With the above problems solved, the final solution is ready:

The Proposer:

Prepare phase: The system obtains the prepare(n) label and sends a prepare(n) request to the Acceptor cluster. If the Acceptor cluster receives no response, the system terminates. When receiving a half-OK reply, if there is a non-null value in the reply, select the value v with the largest label. If no value exists in the reply, any value v can be selected to initiate an Accept request.

Accept phase: An Accept (n, v) request is sent to the Acceptor cluster using the value v selected in the previous phase. If more than half of the OK packets are received, the cluster successfully accepts V. If not, it indicates that a Proposer with a higher numbered numbered preempted the Proposer or that some acceptors failed.

Note: The two phases do not require one request to all acceptors in the cluster, just select a half set. And the set of acceptors selected for phase one and phase two need not be the same.

The Acceptor:

The status to be maintained is as follows: the current Accept value, its accepted number

, and the maximum number of the current authorized lock: latest-n.
,>

Prepare phase: Receives a prepare(n) request for the Proposer. If latest-n > n, an Error is returned. Otherwise, return

. Update latest-n to n.
,>

Accept phase: receives a Proposer accept(n, v) request with an Error if latest-n > n. Otherwise accept the request, update latest-n, accepted-n, accepted-v, and return OK.

summary

After watching the video of Zhixing Society and combing the above information, I will have a better understanding of Paxos Made Simple paper.
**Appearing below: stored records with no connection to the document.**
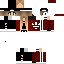
A female human skin with medium skin, wearing brown long hair dressed in a red hoodie and black pants, featuring a closed mouth.
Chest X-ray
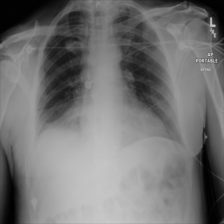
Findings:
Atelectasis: negative
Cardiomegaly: negative
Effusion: negative
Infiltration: negative
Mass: negative
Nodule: negative
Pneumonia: negative
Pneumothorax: positive
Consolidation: negative
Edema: negative
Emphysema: negative
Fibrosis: negative
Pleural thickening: negative
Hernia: negative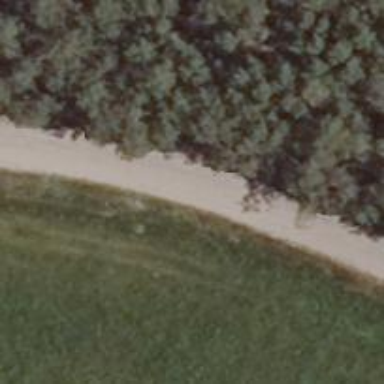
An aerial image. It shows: Sandy track road with grade 4 track type.
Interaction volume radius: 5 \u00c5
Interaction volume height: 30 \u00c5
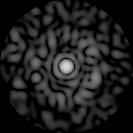
Disorder parameter: 0.8627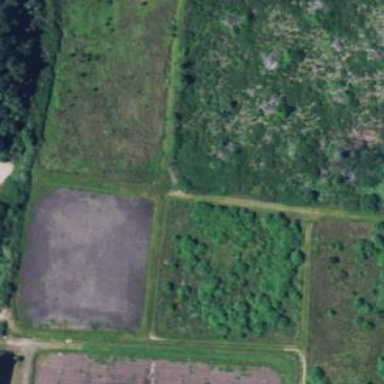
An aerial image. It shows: Farmland with cranberries as the crop.
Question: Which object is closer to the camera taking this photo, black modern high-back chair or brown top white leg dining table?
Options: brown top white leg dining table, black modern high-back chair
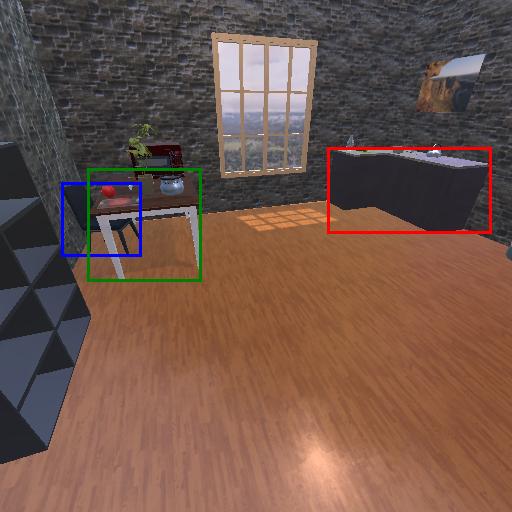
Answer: brown top white leg dining table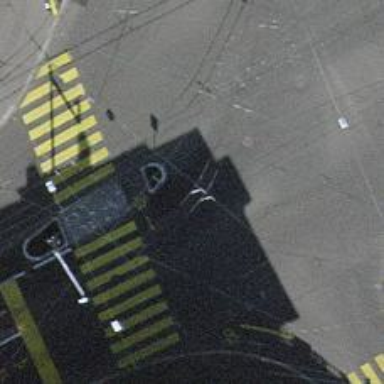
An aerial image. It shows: Tertiary road with asphalt surface. There are sidewalks on both sides and trolley wires overhead.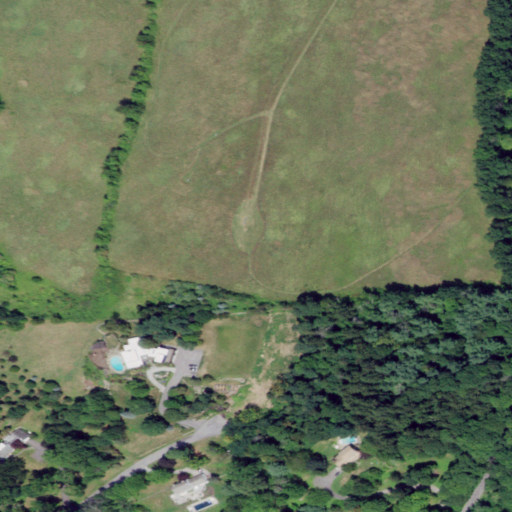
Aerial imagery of mountain in New York named Berger Hill containing pasture, deciduous forest, mixed forest, evergreen forest, open development, low intensity development, and medium intensity development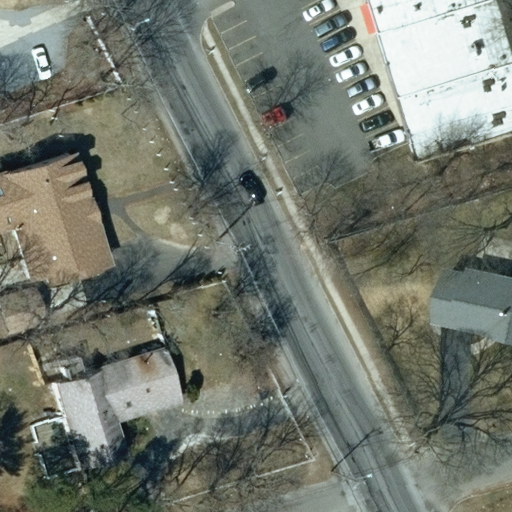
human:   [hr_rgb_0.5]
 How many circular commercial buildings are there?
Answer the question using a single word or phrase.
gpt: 0

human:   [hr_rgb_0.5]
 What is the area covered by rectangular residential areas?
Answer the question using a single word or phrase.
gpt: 10619m2

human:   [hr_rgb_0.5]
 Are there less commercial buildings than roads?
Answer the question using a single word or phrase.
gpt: yes

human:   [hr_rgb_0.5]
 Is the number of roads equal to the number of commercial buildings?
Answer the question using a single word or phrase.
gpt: no

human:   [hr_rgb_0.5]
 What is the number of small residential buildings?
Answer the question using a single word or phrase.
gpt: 1

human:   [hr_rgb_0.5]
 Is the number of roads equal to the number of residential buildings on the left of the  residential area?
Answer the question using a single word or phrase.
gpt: no

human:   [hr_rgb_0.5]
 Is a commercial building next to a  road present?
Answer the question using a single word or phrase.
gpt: no

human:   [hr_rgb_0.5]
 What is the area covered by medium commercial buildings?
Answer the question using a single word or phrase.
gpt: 0m2

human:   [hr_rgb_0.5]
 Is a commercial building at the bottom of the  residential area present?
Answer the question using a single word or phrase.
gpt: no

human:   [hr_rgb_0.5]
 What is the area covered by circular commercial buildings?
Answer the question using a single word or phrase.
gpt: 0m2

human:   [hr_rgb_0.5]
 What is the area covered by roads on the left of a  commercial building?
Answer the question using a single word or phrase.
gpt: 0m2

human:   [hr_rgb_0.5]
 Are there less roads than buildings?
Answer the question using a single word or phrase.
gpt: yes

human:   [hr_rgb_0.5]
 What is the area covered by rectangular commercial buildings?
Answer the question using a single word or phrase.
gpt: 0m2

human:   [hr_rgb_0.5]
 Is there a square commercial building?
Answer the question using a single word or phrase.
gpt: no

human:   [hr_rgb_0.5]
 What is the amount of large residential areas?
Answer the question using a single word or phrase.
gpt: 1

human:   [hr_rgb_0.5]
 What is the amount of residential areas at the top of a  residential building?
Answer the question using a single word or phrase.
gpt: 1

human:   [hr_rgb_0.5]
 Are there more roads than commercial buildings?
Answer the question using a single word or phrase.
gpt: yes

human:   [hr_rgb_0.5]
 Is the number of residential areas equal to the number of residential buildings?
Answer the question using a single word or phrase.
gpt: no

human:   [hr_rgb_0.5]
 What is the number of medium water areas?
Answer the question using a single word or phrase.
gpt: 0

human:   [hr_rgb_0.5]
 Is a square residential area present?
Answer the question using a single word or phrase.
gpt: no

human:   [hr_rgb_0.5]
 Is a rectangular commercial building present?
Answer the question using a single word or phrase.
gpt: no

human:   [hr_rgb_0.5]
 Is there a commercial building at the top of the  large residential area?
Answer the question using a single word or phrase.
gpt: no

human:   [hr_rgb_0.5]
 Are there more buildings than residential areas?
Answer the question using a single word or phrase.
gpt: yes

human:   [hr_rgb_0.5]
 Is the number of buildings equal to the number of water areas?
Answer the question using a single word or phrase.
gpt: no

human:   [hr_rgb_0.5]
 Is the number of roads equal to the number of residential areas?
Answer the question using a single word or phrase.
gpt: no

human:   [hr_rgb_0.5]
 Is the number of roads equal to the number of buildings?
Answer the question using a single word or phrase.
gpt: no

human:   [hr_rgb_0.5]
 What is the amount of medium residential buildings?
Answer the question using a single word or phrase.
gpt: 3

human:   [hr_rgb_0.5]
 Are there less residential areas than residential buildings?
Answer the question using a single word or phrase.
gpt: yes

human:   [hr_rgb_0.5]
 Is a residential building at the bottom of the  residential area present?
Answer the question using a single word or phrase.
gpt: yes

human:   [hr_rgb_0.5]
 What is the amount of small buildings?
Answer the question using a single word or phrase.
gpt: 2

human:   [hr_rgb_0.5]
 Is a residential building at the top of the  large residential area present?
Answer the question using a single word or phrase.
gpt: no

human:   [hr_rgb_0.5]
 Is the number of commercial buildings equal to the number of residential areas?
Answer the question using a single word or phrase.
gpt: no

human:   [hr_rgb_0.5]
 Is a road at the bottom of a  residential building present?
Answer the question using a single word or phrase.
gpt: yes

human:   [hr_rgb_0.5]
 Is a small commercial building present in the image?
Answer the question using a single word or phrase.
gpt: no

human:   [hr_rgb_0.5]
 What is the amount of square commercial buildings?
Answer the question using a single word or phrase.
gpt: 0

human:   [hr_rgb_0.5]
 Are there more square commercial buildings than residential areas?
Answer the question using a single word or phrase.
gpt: no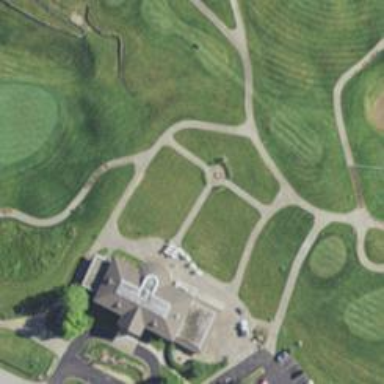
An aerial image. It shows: Path designated for golf carts.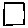
Label: square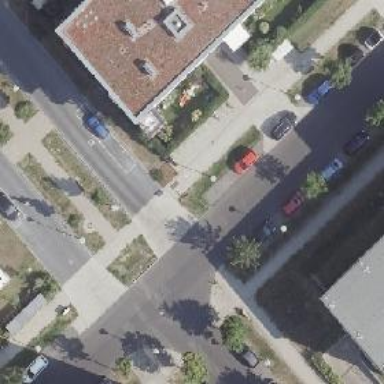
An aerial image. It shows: Unmarked road crossing.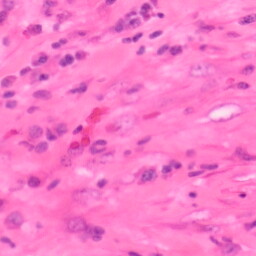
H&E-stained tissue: Colon
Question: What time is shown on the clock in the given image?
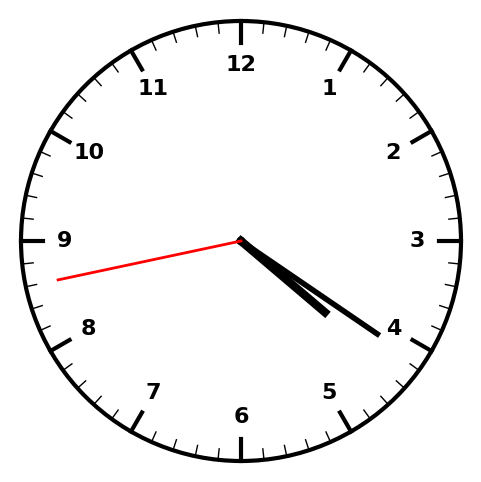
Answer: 04:20:43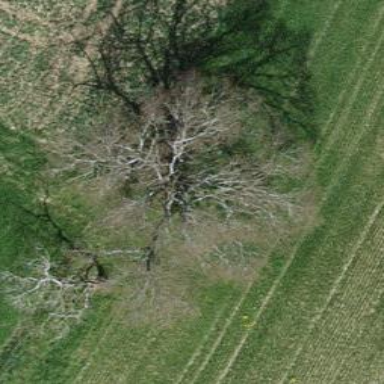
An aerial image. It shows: Single tag "natural: tree."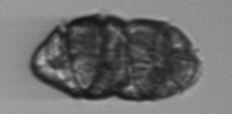
Label: Margalefidinium
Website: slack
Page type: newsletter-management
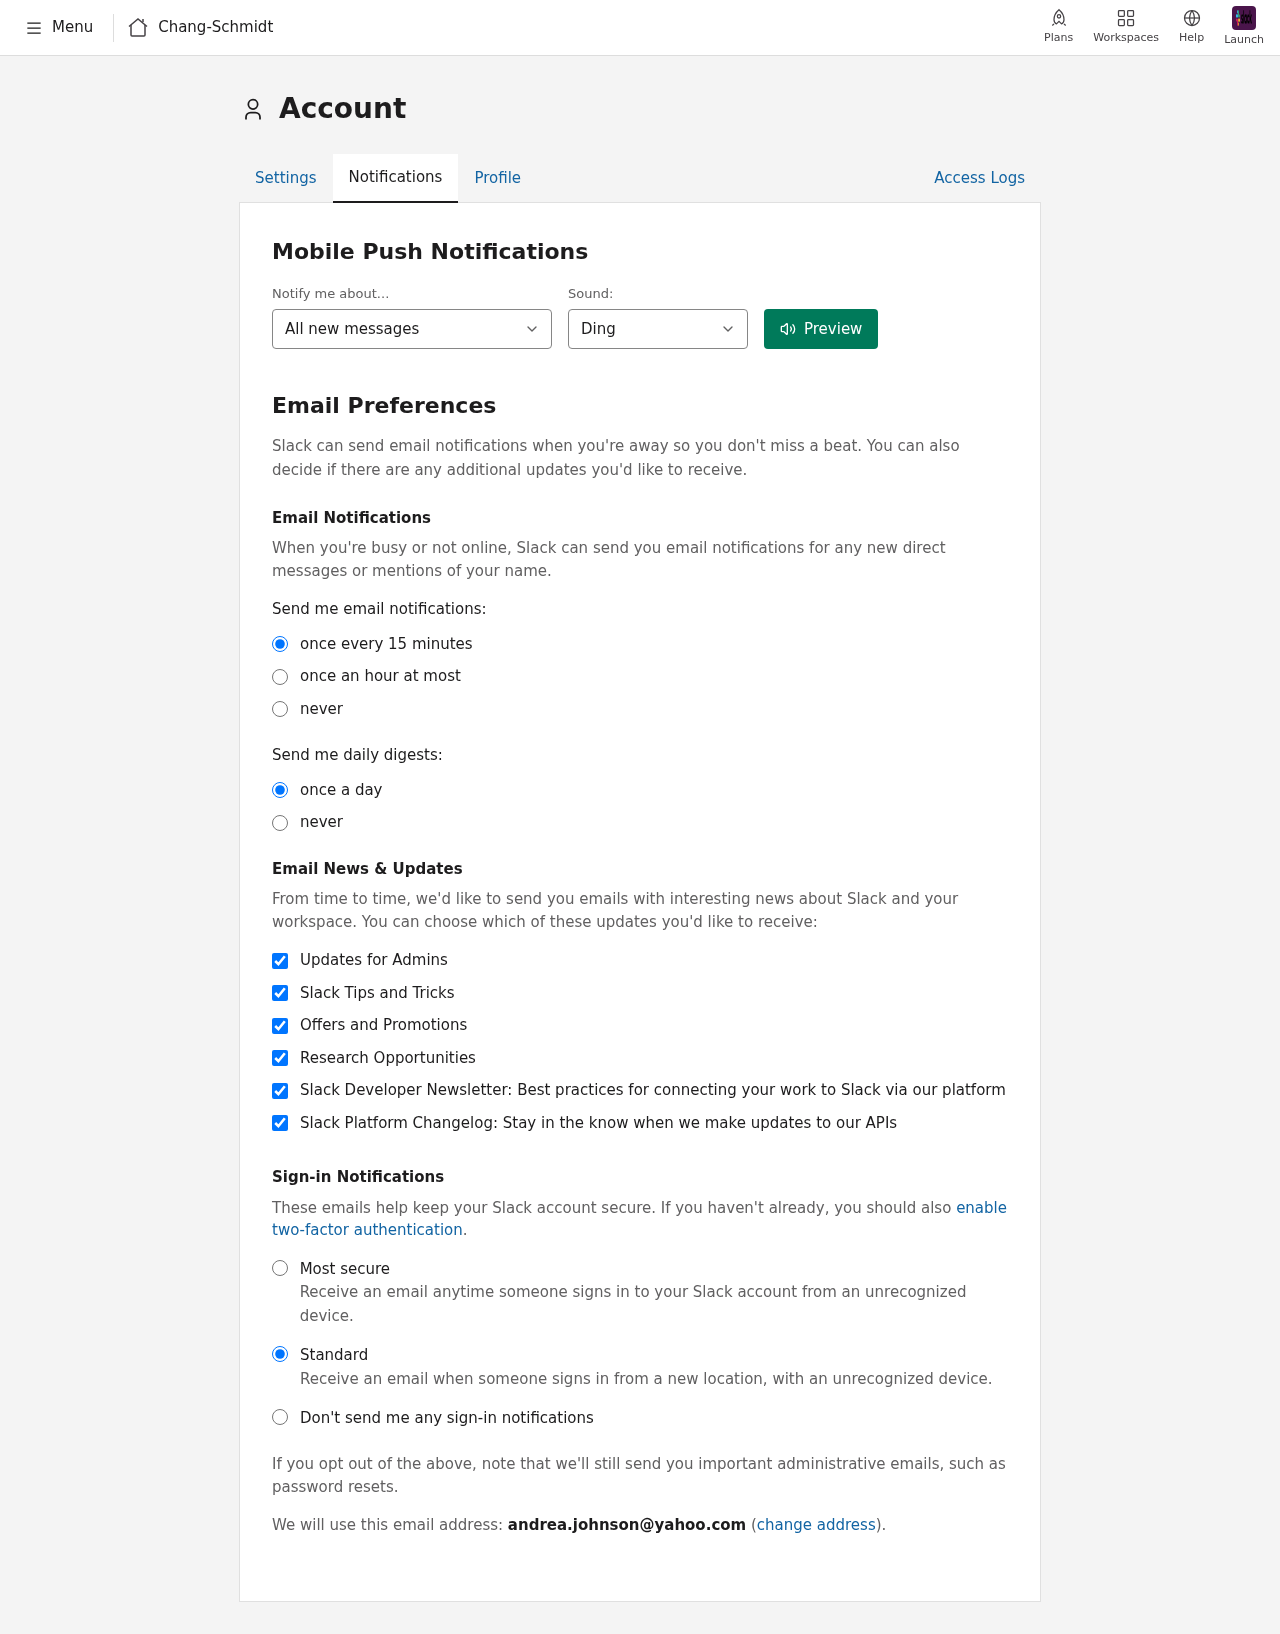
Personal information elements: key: PII_COMPANY
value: Chang-Schmidt
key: PII_EMAIL
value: andrea.johnson@yahoo.com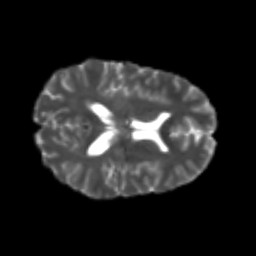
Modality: T2w
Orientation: axial
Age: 20
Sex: male
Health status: healthy
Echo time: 0.074 s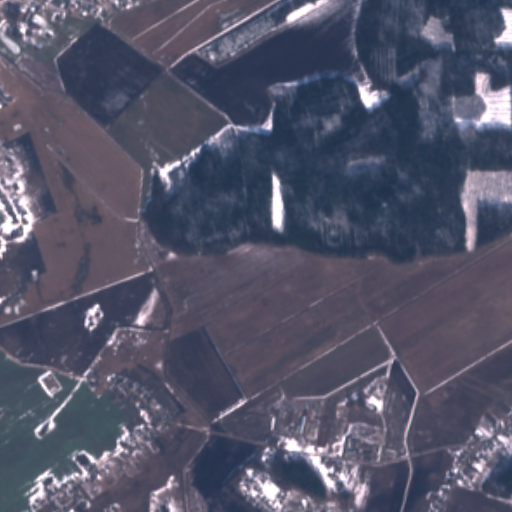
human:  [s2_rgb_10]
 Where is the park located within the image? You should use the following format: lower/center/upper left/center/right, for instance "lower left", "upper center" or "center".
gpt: The park is located in the lower left of the image.
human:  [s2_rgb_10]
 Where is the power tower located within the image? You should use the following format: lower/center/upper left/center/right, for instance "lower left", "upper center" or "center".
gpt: The power tower is located in the lower right of the image.
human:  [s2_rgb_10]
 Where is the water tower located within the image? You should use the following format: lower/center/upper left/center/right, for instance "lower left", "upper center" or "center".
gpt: The water tower is located in the lower center of the image.
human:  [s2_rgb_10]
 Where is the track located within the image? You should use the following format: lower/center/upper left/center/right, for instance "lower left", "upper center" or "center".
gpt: There is no track in the image.
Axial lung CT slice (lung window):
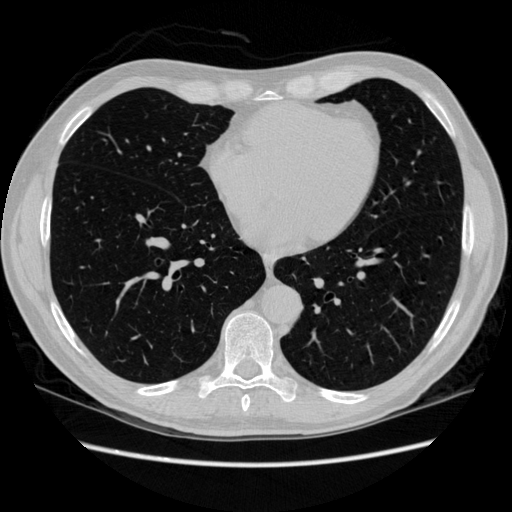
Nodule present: no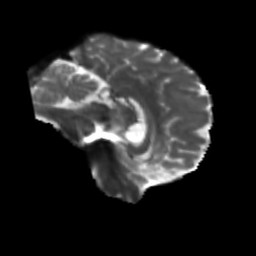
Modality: T2w
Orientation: sagittal
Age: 50
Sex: female
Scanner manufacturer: siemens
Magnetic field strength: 3 T
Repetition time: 5.47 s
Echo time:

And then I thought, why is it so hard to read the paper? On the one hand, the paper does not have much preparation, we start to reason, and we do not have a suitable model in mind to understand the various concepts mentioned in the paper; A paper, on the other hand, is a process of reverse organization, that is, gradually deducing the conditions that need to be met from the conclusion, and finally combining all the conditions. All these make it difficult to pick up the paper directly.

Finally, summarize the key points of understanding Paxos again:

  1. Understanding the purpose of the original Paxos is for multiple acceptors to agree on a single immutable value.
  2. Use the Client-Server + lock model in engineering to help understand.
  3. Splitting an algorithm into two phases can fail quickly.
  4. The n label was introduced to solve deadlocks and preemption order problems.
  5. In the second stage, the value of the maximum label is selected to make the accept process converge rapidly.

The resources

  1. Paper: www.scs.stanford.edu/20sp-cs244b…
  2. Translation: www.cnblogs.com/yaodd/p/615…
  3. Macmillan society – paxos and distributed system: www.bilibili.com/video/BV1Lt…

I am Green tengmu bird, a programmer like photography, welcome to pay attention to my public number: “Mu Bird miscellaneous Record”.